Me acuerdo de pagar, subir, alegar, sentarme y preguntarle a mi amiga y compañera de universidad, que venía conmigo, por qué ella no había dicho nada y que ella me contestara: „Pero si tú ya lo habías dicho todo. Y yo estoy de acuerdo.“

Y si, a veces me sentí sola en medio del alegato y me plateé seriamente rebajar los alegatos por semana.
La soledad es lo que llevaba peor de esto de ser alegadora.

En cambio los de mi familia le llamaban a eso „rabieta“. Y es cierto, lleva rabia. La rabia es permitida en la familia, como el grito y si no te conviene, siempre puedes usar el: “no grites”, o el “no te enojes” como arma demagógica, siempre habrá uno gritando o enojado, cosa de ser el primero en decirlo en la reunión familiar. Llorar es feo, son llorones, pero no todos, solo algunos lo somos: mi padre, mi sobrino menor, mi nieto (bueno ya: sobrino nieto), yo y mi hijo. Casi mandan a Adrián al sicólogo por llorón. Lo que me faltaba.

Pero rabia hay en mis alegatos, no lo niego. Rabia de que las cosas sean como son, de que los otros acepten y de que nadie diga nada. Como esto me lo repitió mi hermana, que es ejemplo de rabieta donde los haya pero que es 20 años mayor y por eso las disimula mejor, me lo pensé seriamente: reducir el número de rabietas por semana. Y llorar más, seguro, que las emociones de salir salen.

Lo único que me hacía dudar era que otra de mis características es el optimismo y la alegría de vivir. Mis alegatos no son llorones. No me da.
De hecho, si alguna vez he estado deprimida, por ejemplo cuando mi padre murió de cáncer después de años de postración, nadie lo notó. Y como la depre es algo medible en la sangre, voto porque seguro yo estuve más enojada y alegadora que nunca en aquellos años, pero no deprimida.

Soy activa. Lenta, pero activa. No me quedo pegada. No es mérito mío, porque yo no lo he aprendido, yo soy así: así funciona mi cerebro. Genética, supongo, metabolismo cerebral, será.

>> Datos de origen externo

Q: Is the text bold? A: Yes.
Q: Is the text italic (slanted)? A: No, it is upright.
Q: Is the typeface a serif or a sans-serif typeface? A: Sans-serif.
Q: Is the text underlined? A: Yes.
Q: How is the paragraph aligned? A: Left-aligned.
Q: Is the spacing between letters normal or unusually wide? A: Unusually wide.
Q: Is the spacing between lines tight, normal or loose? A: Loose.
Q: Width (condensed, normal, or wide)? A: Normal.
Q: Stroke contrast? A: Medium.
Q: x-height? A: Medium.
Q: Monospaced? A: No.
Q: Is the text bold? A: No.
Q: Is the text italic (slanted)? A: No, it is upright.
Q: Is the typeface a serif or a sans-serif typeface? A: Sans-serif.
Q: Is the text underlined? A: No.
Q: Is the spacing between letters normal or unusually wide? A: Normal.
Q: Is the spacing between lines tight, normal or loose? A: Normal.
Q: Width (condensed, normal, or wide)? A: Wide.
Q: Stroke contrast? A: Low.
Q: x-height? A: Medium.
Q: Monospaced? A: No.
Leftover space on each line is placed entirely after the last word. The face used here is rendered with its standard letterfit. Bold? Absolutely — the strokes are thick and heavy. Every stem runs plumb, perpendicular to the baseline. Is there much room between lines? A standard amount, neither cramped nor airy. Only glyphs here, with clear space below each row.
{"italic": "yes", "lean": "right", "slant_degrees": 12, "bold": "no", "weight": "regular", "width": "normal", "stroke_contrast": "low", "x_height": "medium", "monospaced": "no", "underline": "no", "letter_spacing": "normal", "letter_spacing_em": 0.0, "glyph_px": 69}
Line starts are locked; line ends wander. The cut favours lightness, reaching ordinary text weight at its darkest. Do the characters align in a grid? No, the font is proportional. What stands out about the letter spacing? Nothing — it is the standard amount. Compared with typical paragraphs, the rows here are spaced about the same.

Soy sentimental y puedo ser pasional -menos- soy muy impulsiva – con buen control aprendido pero no suficientemente constante, pero impulsiva- pero no soy depresiva.
Además, no soy agresiva. Soy demasiado cobarde para serlo. Entonces, no estaba segura con el diagnóstico de rabieta.

Hasta que un día haciendo análisis, me dí cuenta que en realidad mi capacidad de no aceptar ciertas cosas es lo mejor que mi corazón puede ofrecer y que mejor tenía cuidado al declararle la guerra a este lado de mi psiquis.
La verdad sea dicha, en una de esas podría aumentar el repertorio de respuestas a los estímulos y que no todo desatara alegato, pero que el no reaccionar a las cosas, eso era lo peor, y que a veces, los alegatos, cargados o no de rabia, eran la más sana de las respuestas posibles.

Preferible eso a la apatía, preferible eso a la costumbre, al aceptar como normal lo que no lo es. Ni lo será. Preferible eso a la falta de solidaridad, al no ver al otro ser humano al lado nuestro.

Desde entonces me miro con mejores ojos y me llevo mejor conmigo misma y mis alegatos, y me enojo menos y, eso si, alego igual.
Alegona seguiré siendo, es lo mejor que puedo ofrecer de mi, así los demás se suben al bus tranquilos y se sientan sin decirle ni pío al conductor, que yo ya se lo habré dicho todo.